Obama in France for NATO summit

President seeks support for Afghan war

STRASBOURG, France – In a variation on his unfolding message to Europe, President Barack Obama said Friday that the United States has at times displayed arrogance but appealed to Europeans to set aside their own “insidious” anti-American biases in favor of trans-Atlantic friendship.

Still, as leaders of NATO gathered for today’s summit marking the 60th anniversary of the alliance, Obama’s campaign did not seem to be producing the concrete results the president sought – in particular, new pledges for help in Afghanistan.

French President Nicolas Sarkozy and German Chancellor Angela Merkel, who together are hosting the summit along the border between their countries, expressed support Friday for the Obama administration’s new strategy of sending extra American troops and strengthening Afghan forces. But they offered no new troops of their own.

Obama arrived in Strasbourg from the Group of 20 summit in London, which focused on the global economic crisis. The NATO summit could be more difficult for Obama, in part because of Afghanistan. But other touchy issues include strains over the future of the alliance in the face of growing Russian irritation. And members this week confronted differences over a new NATO leader.

Turkish officials object to the selection of Danish Prime Minister Anders Fogh Rasmussen, who spoke out in favor of the press freedoms after a Danish newspaper in 2006 published cartoons of the Prophet Muhammad, enraging Muslims.

Throughout his European tour so far, Obama has employed a strategy well-honed at home: interspersing high-level meetings with pep rallies catering directly to their bases of support.

On Friday, the president held a town hall meeting in a local sports arena, where hundreds of screaming teenagers filled the room and lavished Obama with public displays of approval. Broadcast images could easily be seen by the NATO summit hosts.

In the United States, Obama told the crowd, there has been a failure to appreciate the “leading role” Europe plays in the world.

“Instead of celebrating your dynamic union and seeking to partner with you to meet common challenges, there have been times where America has shown arrogance and been dismissive, even derisive,” he said.

But Obama did not lay all the blame on U.S. attitudes.

“In Europe, there is an anti-Americanism that is at once casual but can also be insidious,” he said. “Instead of recognizing the good that America so often does in the world, there have been times where Europeans choose to blame America for much of what’s bad.”

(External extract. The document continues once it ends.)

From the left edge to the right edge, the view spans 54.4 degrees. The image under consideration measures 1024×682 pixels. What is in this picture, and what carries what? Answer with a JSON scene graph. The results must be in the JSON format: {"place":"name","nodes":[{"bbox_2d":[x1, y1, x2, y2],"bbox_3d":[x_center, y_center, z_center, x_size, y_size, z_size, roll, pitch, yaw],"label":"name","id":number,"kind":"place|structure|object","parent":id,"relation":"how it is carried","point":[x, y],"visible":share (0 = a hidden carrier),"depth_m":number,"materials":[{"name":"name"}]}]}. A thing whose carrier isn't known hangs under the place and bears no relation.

Such attitudes are unwise and untrue, he said.

“They fail to acknowledge the fundamental truth that America cannot confront the challenges of this century alone, but that Europe cannot confront them without America,” he said.

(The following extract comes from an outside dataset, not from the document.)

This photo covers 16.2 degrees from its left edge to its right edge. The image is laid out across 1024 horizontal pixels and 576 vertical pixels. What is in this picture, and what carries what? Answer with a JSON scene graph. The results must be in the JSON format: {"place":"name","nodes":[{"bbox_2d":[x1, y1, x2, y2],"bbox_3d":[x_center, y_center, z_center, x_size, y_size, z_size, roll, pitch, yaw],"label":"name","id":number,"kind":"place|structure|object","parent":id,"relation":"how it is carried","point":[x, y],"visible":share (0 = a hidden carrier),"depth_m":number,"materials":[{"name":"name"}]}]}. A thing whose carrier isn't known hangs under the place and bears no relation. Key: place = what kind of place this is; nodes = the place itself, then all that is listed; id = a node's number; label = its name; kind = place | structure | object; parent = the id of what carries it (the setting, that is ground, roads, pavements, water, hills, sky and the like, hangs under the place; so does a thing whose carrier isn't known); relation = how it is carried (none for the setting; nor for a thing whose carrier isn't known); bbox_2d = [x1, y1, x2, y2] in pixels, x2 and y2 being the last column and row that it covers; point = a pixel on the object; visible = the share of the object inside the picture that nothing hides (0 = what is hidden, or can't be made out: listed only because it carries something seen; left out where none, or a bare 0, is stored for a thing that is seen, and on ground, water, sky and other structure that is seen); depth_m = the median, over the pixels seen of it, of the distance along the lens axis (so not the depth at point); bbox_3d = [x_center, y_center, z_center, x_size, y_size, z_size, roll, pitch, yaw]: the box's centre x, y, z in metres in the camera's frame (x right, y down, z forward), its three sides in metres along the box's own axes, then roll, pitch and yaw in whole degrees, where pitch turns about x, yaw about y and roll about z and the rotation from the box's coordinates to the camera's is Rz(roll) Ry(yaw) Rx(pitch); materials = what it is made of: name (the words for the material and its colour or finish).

It was a new twist on the conciliatory approach Obama has taken over the past four days as he travels through Europe. The Obama strategy is powered in part by the popularity of the new American first couple, evident in the meetings with world leaders and in interactions with the public.

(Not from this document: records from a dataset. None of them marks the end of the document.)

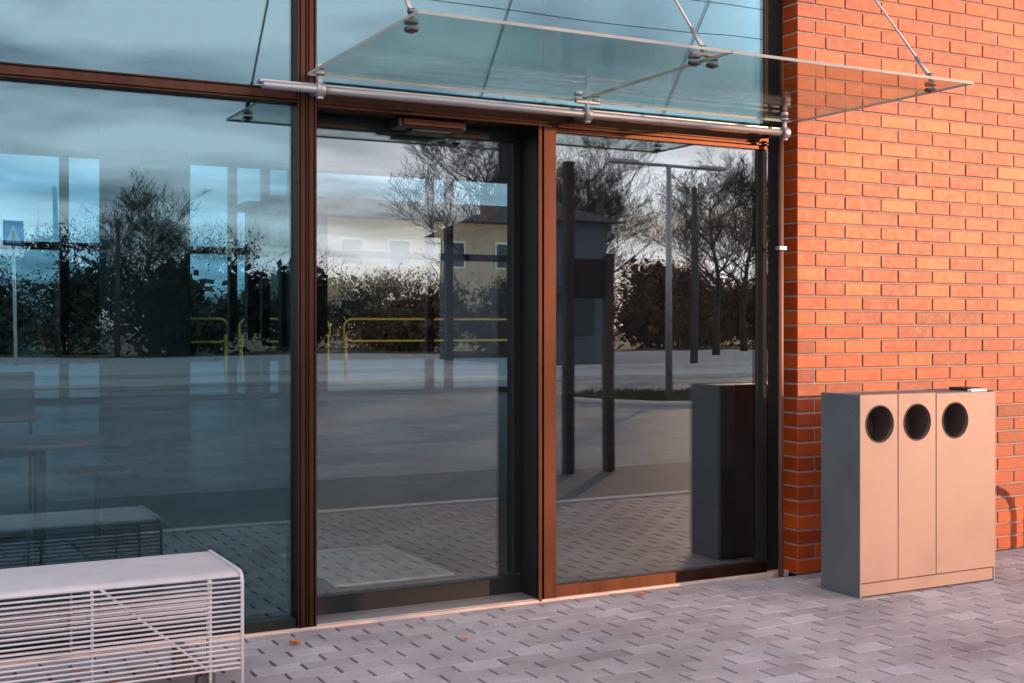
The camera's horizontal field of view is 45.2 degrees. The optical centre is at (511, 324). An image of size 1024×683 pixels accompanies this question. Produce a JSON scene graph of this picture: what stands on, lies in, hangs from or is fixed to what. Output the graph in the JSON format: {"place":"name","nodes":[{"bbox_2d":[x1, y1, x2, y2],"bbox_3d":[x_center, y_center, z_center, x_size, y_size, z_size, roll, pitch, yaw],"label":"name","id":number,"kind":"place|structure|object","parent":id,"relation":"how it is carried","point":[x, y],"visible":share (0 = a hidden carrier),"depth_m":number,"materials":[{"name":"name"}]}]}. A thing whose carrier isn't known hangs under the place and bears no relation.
{"place":"outdoors","nodes":[
{"label":"outdoors","id":0,"kind":"place"},
{"bbox_2d":[156,495,709,604],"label":"reflected paving","id":1,"kind":"object","parent":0,"point":[462,537],"visible":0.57,"depth_m":7.49,"materials":[{"name":"grey stone"}]},
{"bbox_2d":[277,544,454,587],"bbox_3d":[-0.811,1.297,6.670,0.660,0.014,0.960,0,0,-28],"label":"door mat","id":2,"kind":"object","parent":1,"relation":"on","point":[358,566],"depth_m":6.57,"materials":[{"name":"grey"}]},
{"bbox_2d":[0,548,1023,682],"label":"pavement","id":3,"kind":"structure","parent":0,"point":[805,628],"depth_m":5.07,"materials":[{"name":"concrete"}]},
{"bbox_2d":[0,550,243,682],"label":"wire bench","id":4,"kind":"object","parent":3,"relation":"on","point":[56,579],"visible":1,"depth_m":4.20,"materials":[{"name":"metal"}]},
{"bbox_2d":[289,639,299,642],"bbox_3d":[-0.890,1.297,5.037,0.044,0.014,0.047,0,0,-20],"label":"fallen leaf","id":5,"kind":"object","parent":3,"relation":"on","point":[295,641],"visible":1,"depth_m":5.04,"materials":[{"name":"orange plant"}]},
{"bbox_2d":[821,386,994,598],"bbox_3d":[2.009,0.817,6.213,0.926,0.987,0.276,0,0,-28],"label":"litter bin","id":6,"kind":"object","parent":3,"relation":"on","point":[907,490],"visible":1,"depth_m":6.06,"materials":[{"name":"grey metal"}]},
{"bbox_2d":[562,392,1023,575],"bbox_3d":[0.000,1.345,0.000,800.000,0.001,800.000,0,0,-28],"label":"ground","id":7,"kind":"structure","parent":0,"point":[791,574],"depth_m":6.68,"materials":[{"name":"grey stone"}]},
{"bbox_2d":[0,569,788,666],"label":"threshold strip","id":8,"kind":"object","parent":7,"relation":"on","point":[769,574],"visible":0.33,"depth_m":5.56,"materials":[{"name":"stone"}]},
{"bbox_2d":[0,0,1023,659],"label":"station building","id":9,"kind":"structure","parent":7,"relation":"on","point":[228,284],"depth_m":11.09,"materials":[{"name":"brick"}]},
{"bbox_2d":[0,371,34,509],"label":"chair","id":10,"kind":"object","parent":9,"relation":"on","point":[17,391],"visible":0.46,"depth_m":8.68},
{"bbox_2d":[0,411,42,538],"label":"cafe table","id":11,"kind":"object","parent":9,"relation":"on","point":[8,532],"visible":1,"depth_m":7.63,"materials":[{"name":"grey"}]},
{"bbox_2d":[0,434,103,600],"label":"cafe table","id":12,"kind":"object","parent":9,"relation":"on","point":[38,445],"visible":0.63,"depth_m":5.99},
{"bbox_2d":[66,465,128,547],"bbox_3d":[-2.490,1.085,7.391,0.358,0.450,0.358,0,0,-28],"label":"stool","id":13,"kind":"object","parent":9,"relation":"on","point":[96,472],"visible":1,"depth_m":7.37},
{"bbox_2d":[0,146,506,404],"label":"far window frame","id":14,"kind":"structure","parent":9,"relation":"in","point":[64,245],"depth_m":21.94,"materials":[{"name":"grey metal"}]},
{"bbox_2d":[0,153,506,398],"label":"far window pane","id":15,"kind":"structure","parent":9,"relation":"in","point":[377,307],"depth_m":22.51,"materials":[{"name":"clear glass"}]},
{"bbox_2d":[317,115,535,624],"bbox_3d":[-0.418,0.183,5.674,1.093,2.245,0.230,0,0,-28],"label":"entrance door","id":16,"kind":"structure","parent":9,"relation":"in","point":[345,606],"depth_m":5.85,"materials":[{"name":"black glass"}]},
{"bbox_2d":[257,0,973,140],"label":"entrance canopy","id":17,"kind":"object","parent":9,"relation":"attached to","point":[319,89],"visible":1,"depth_m":5.45,"materials":[{"name":"clear glass"}]},
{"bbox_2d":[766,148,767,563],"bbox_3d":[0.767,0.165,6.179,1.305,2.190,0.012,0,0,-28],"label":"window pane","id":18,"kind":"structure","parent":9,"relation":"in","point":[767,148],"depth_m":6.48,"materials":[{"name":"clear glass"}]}
]}

The Obamas were greeted like celebrities when they arrived in this city in the Alsace-Lorraine region. When they joined Sarkozy and his wife, Carla Bruni, at the Palais Rohan, they were thronged by crowds who waved, calling out to them and taking pictures.

Obama’s job of finding extra help from NATO allies for Afghanistan was complicated by news that Afghanistan is in the process of enacting a law on marriage that human rights advocates contend would allow a husband to rape his wife. The law, which has yet to take effect, applies to the country’s Shiite minority.

NATO Secretary General Jaap de Hoop Scheffer said that actions which Europeans find revolting make NATO’s involvement more difficult.